╭─ Record excerpts

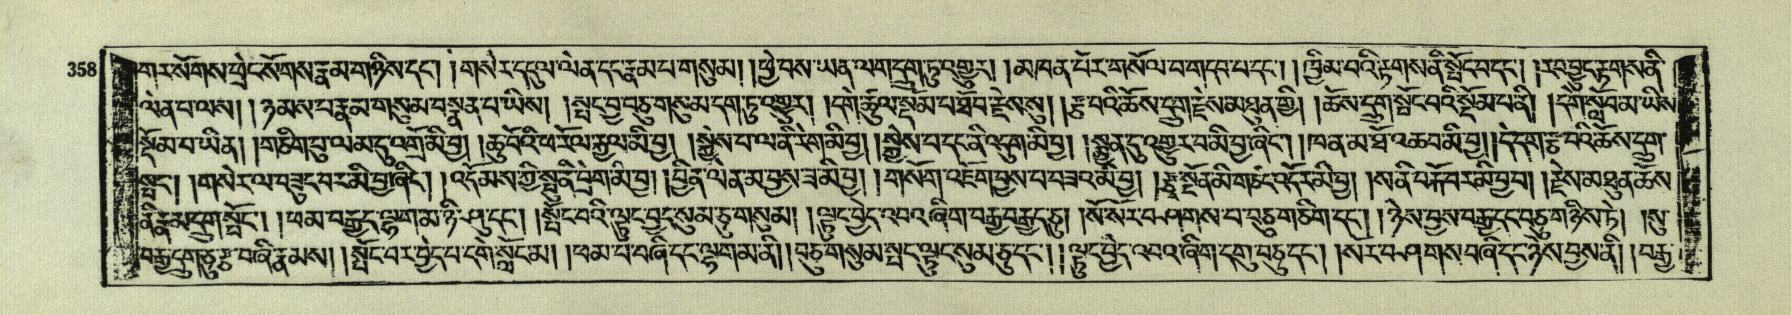གར་སོགས་ཕྲེང་སོགས་རྣམ་གཉིས་དང་། །གསེར་དངུལ་ལེན་དང་རྣམ་པ་གསུམ། །ཕྱེ་བས་ཡན་ལག་དྲུག་ཏུ་འགྱུར། །མཁན་པོར་གསོལ་བ་གདབ་པ་དང་། །ཁྱིམ་པའི་རྟགས་ནི་སྤོང་བ་དང་། །རབ་བྱུང་རྟགས་ནི་
ལེན་པ་ལས། །ཉམས་པ་རྣམ་གསུམ་བསྣན་པ་ཡིས། །སྤང་བྱ་བཅུ་གསུམ་དག་ཏུ་འགྱུར། །དགེ་ཚུལ་སྡོམ་པ་ཐོབ་རྗེས་སུ། །རྩ་བའི་ཆོས་དྲུག་རྗེས་མཐུན་གྱི། །ཆོས་དྲུག་སྤོང་བའི་སྡོམ་པ་ནི། །དགེ་སློབ་མ་ཡིས་
སྡོམ་པ་ཡིན། །གཅིག་པུ་ལམ་དུ་འགྲོ་མི་བྱ། །ཆུ་བོའི་ཕ་རོལ་རྐྱལ་མི་བྱ། །སྐྱེས་པ་ལ་ནི་རེག་མི་བྱ། །སྐྱེས་པ་དང་ནི་འདུག་མི་བྱ། །སྨྱན་དུ་འགྱུར་བ་མི་བྱ་ཞིང་། །ཁ་ན་མ་ཐོ་འཆབ་མི་བྱ། །དེ་དག་རྩ་བའི་ཆོས་དྲུག་
སྤང་། །གསེར་ལ་བཟུང་བར་མི་བྱ་ཞིང་། །འདོམས་ཀྱི་སྤུ་ནི་བྲེག་མི་བྱ། །བྱིན་ལེན་མ་བྱས་ཟ་མི་བྱ། །གསོག་འཇོག་བྱས་པ་བཟའ་མི་བྱ། །རྩྭ་སྔོན་མི་གཙང་འདོར་མི་བྱ། །ས་ནི་བརྐོ་བར་མི་བྱ་བ། །རྗེས་མཐུན་ཆོས་
ནི་རྣམ་དྲུག་སྤོང་། །ཕམ་བརྒྱད་ལྷག་མ་ཉི་ཤུ་དང་། །སྤོང་བའི་ལྟུང་བྱང་སུམ་ཅུ་གསུམ། །ལྟུང་བྱེད་འབའ་ཞིག་བརྒྱ་བརྒྱད་ཅུ། །སོ་སོར་བཤགས་པ་བཅུ་གཅིག་དང་། །ཉེས་བྱས་བརྒྱ་དང་བཅུ་གཉིས་ཏེ། །སུ་
བརྒྱ་དྲུག་ཅུ་རྩ་བཞི་རྣམས། །སྤོང་བར་བྱེད་པ་དགེ་སློང་མ། །ཕམ་པ་བཞི་དང་ལྷག་མ་ནི། །བཅུ་གསུམ་སྤང་ལྟུང་སུམ་ཅུ་དང་། །ལྟུང་བྱེད་འབའ་ཞིག་དགུ་བཅུ་དང་། །སོར་བཤགས་བཞི་དང་ཉེས་བྱས་ནི། །བརྒྱ་

╰─

## Work request
Reproduce every line from the preceding data in which the word "བཤགས" can be found.

## Task solution
ནི་རྣམ་དྲུག་སྤོང་། །ཕམ་བརྒྱད་ལྷག་མ་ཉི་ཤུ་དང་། །སྤོང་བའི་ལྟུང་བྱང་སུམ་ཅུ་གསུམ། །ལྟུང་བྱེད་འབའ་ཞིག་བརྒྱ་བརྒྱད་ཅུ། །སོ་སོར་བཤགས་པ་བཅུ་གཅིག་དང་། །ཉེས་བྱས་བརྒྱ་དང་བཅུ་གཉིས་ཏེ། །སུ་
བརྒྱ་དྲུག་ཅུ་རྩ་བཞི་རྣམས། །སྤོང་བར་བྱེད་པ་དགེ་སློང་མ། །ཕམ་པ་བཞི་དང་ལྷག་མ་ནི། །བཅུ་གསུམ་སྤང་ལྟུང་སུམ་ཅུ་དང་། །ལྟུང་བྱེད་འབའ་ཞིག་དགུ་བཅུ་དང་། །སོར་བཤགས་བཞི་དང་ཉེས་བྱས་ནི། །བརྒྱ་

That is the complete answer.